R₅optionally selected from hydrogen atoms,

Or C_2～8An ether group;

q is a substituted or unsubstituted 4-to 8-membered heterocycloalkyl group containing at least one N atom; the substituents of the Q group are optionally selected from

One or more of hydroxyl, in the group Q, Y represents aryl with 5-12 ring atoms, heteroaryl with 5-12 ring atoms, C_1～6Alkyl radical, C_3～6Cycloalkyl, benzyl, or a salt thereof,

C_1～4Alkyl substituted 5-6 ring atom heteroaryl, benzyloxy substituted phenyl, hydroxyl substituted 5-8 ring atom aryl, C_1～4Any one of alkoxy substituted 5-6 membered aryl, vinylamide substituted 5-8 ring atom aryl, and amino substituted 5-8 ring atom aryl.
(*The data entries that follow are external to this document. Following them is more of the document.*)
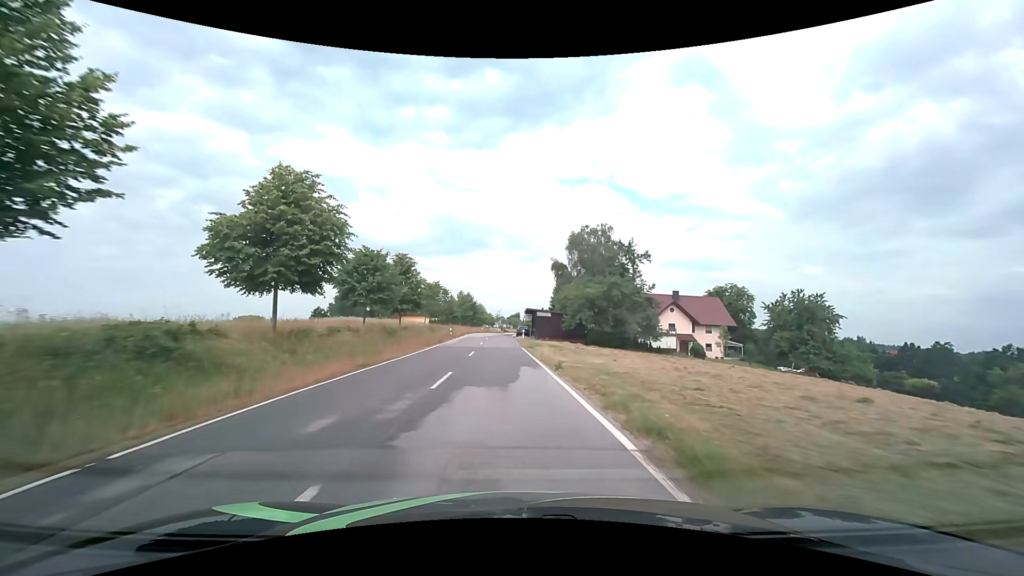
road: tertiary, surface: asphalt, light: Day
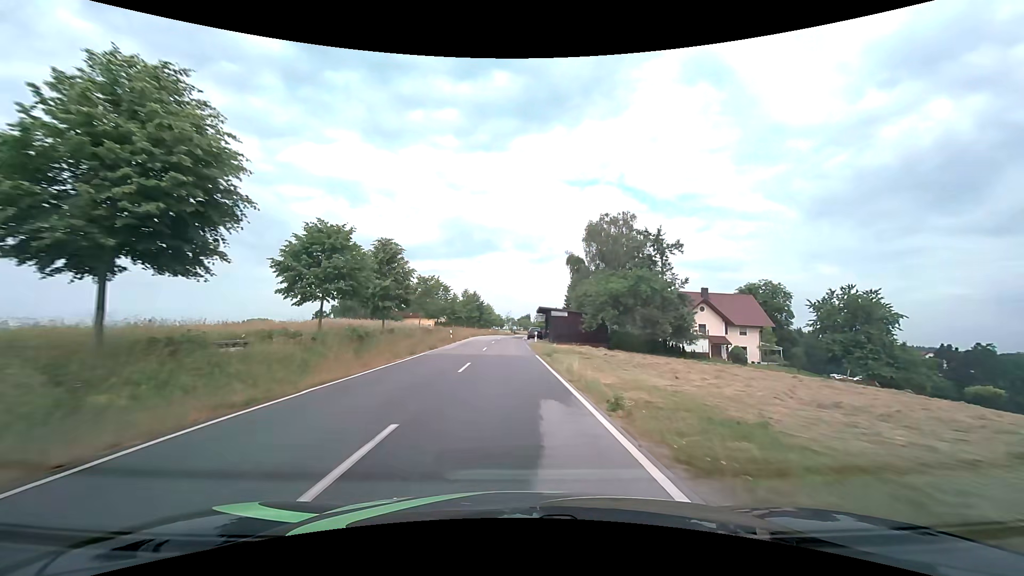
(-0.1, +8.0) m; -1°
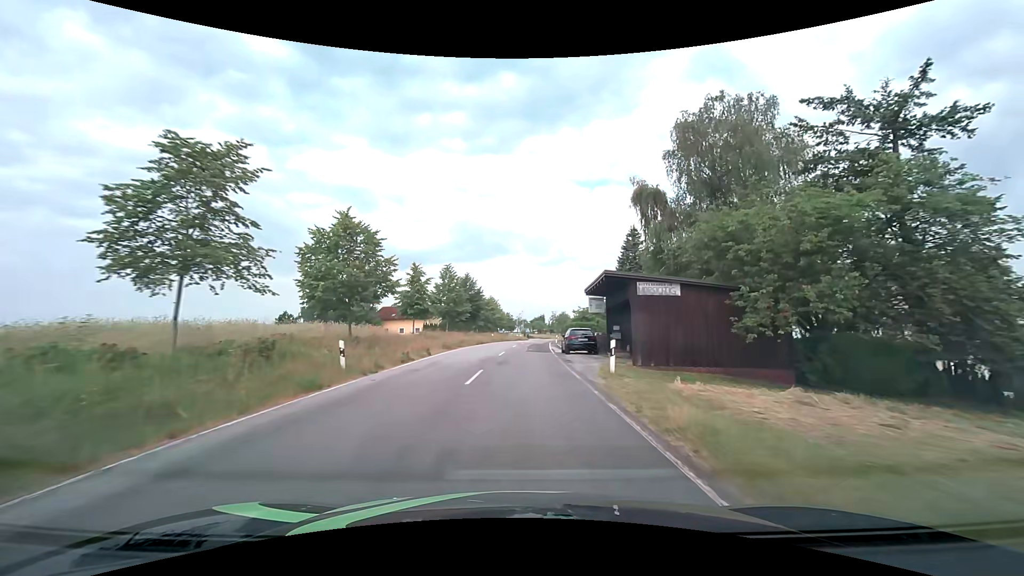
(-0.7, +32.0) m; -1°
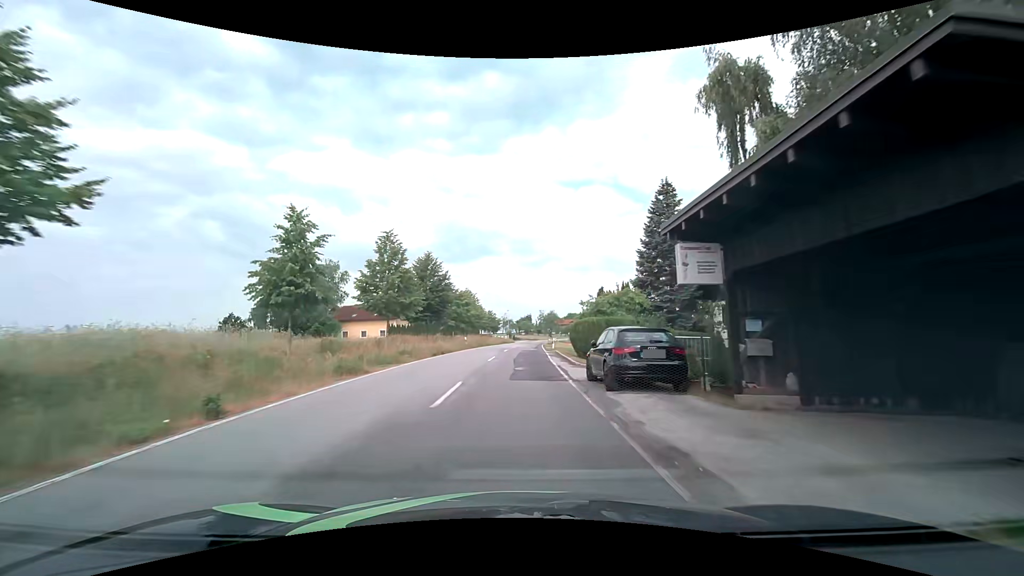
(+0.2, +16.0) m; +2°
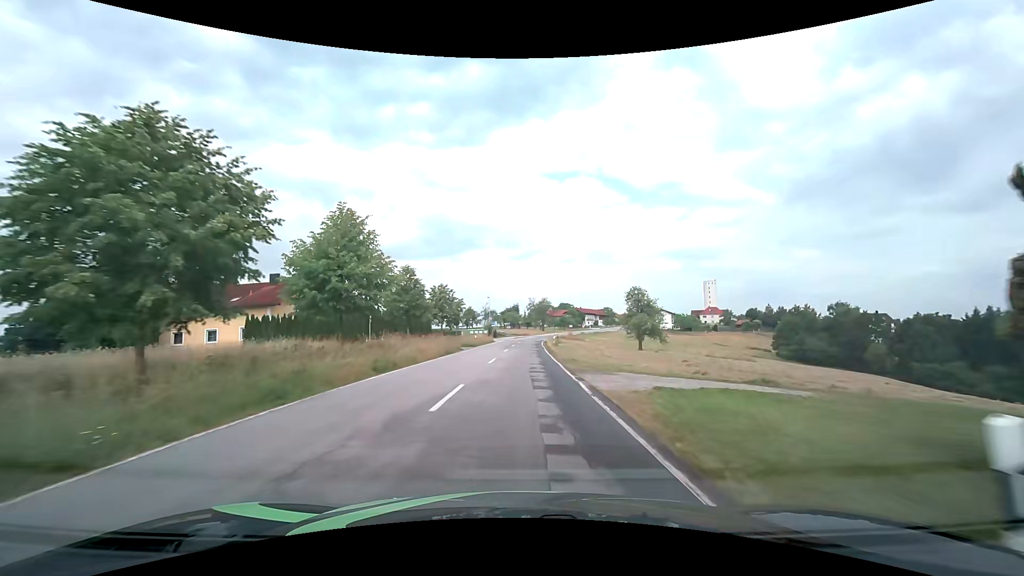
(+0.5, +39.8) m; +1°
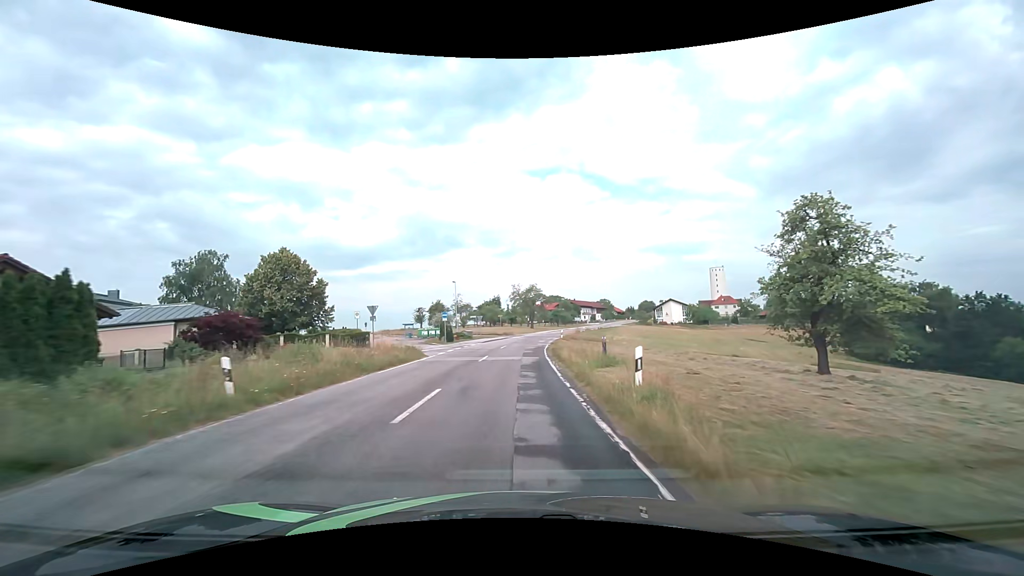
(+1.2, +40.7) m; +2°
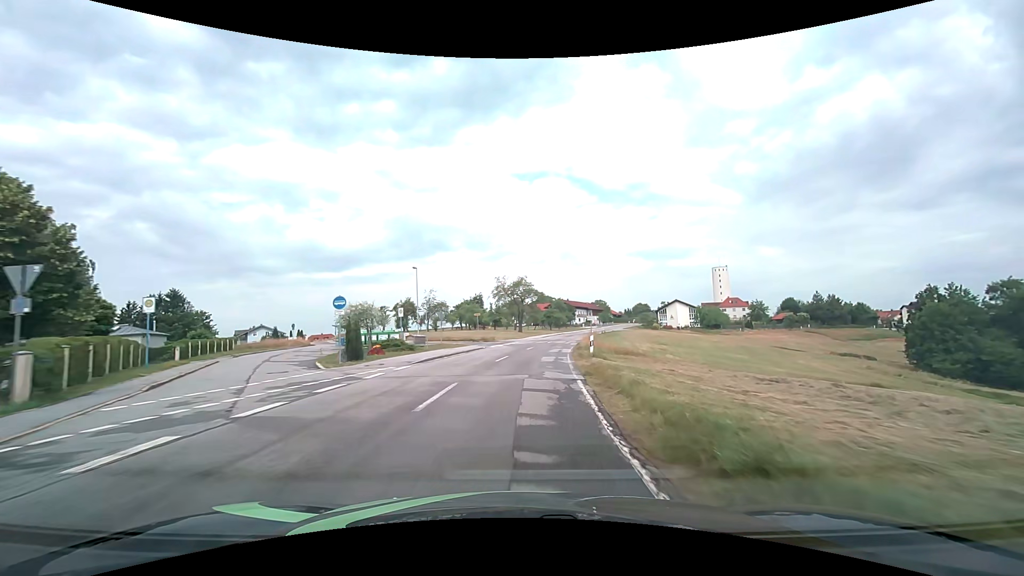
(+0.2, +25.2) m; +2°
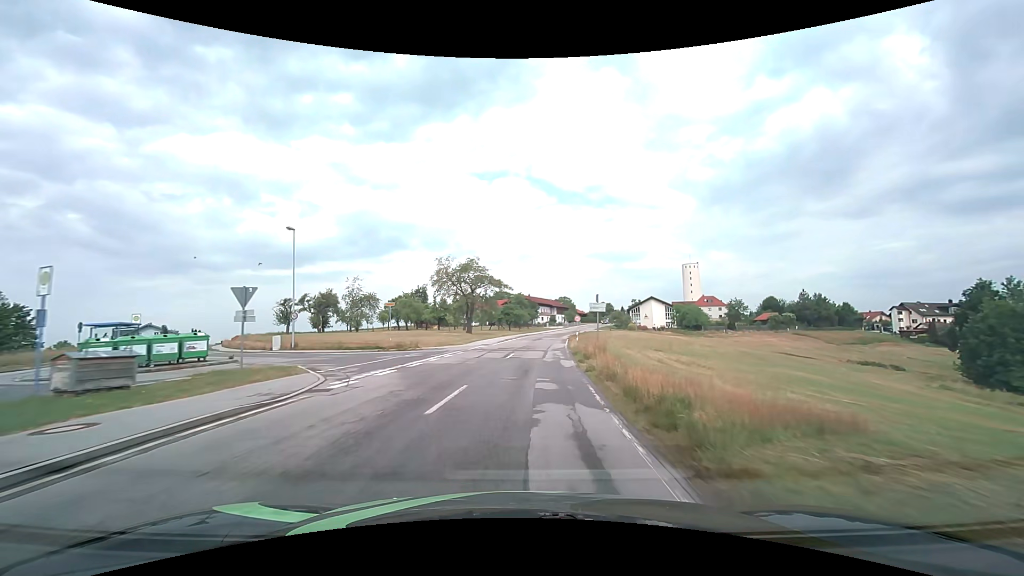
(+1.1, +25.5) m; +5°
(0, +10) (0, +20) (+1, +30) (+2, +40) (+3, +50) (+4, +60) (+5, +70) (+7, +80) (+8, +89) (+10, +99) m

3. A compound of formula IV:

wherein the content of the first and second substances,R₂optionally selected from halogen, hydrogen atom, substituted or unsubstituted phenyl or p-fluoroanilino,

Wherein, the substituent of the phenyl is one or more of halogen, trifluoromethyl and amino;

R₅optionally selected from hydrogen atoms,

Or C_2～8An ether group;

R₆is optionally selected from C_1～6Alkoxy, amino, p-fluoroanilino,

One kind of (1).

4. A compound or a pharmaceutically acceptable salt thereof, characterized in that the compound is selected from the group consisting of:

and pharmaceutically acceptable salts thereof.

5. A pharmaceutical composition characterized by comprising as active ingredient a therapeutically effective amount of a compound as defined in any one of claims 1 to 4, in free form or in pharmaceutically acceptable salt form, in association with one or more pharmaceutically acceptable carriers, diluents or excipients.

6. Use of a compound as defined in any one of claims 1 to 4 in the manufacture of a medicament for the treatment of a disease associated with indoleamine 2, 3-bis-oxidase.

7. Use of a compound as defined in any one of claims 1 to 4 for the manufacture of a medicament for the treatment of tumors, alzheimer's disease, depression, cataract disorders.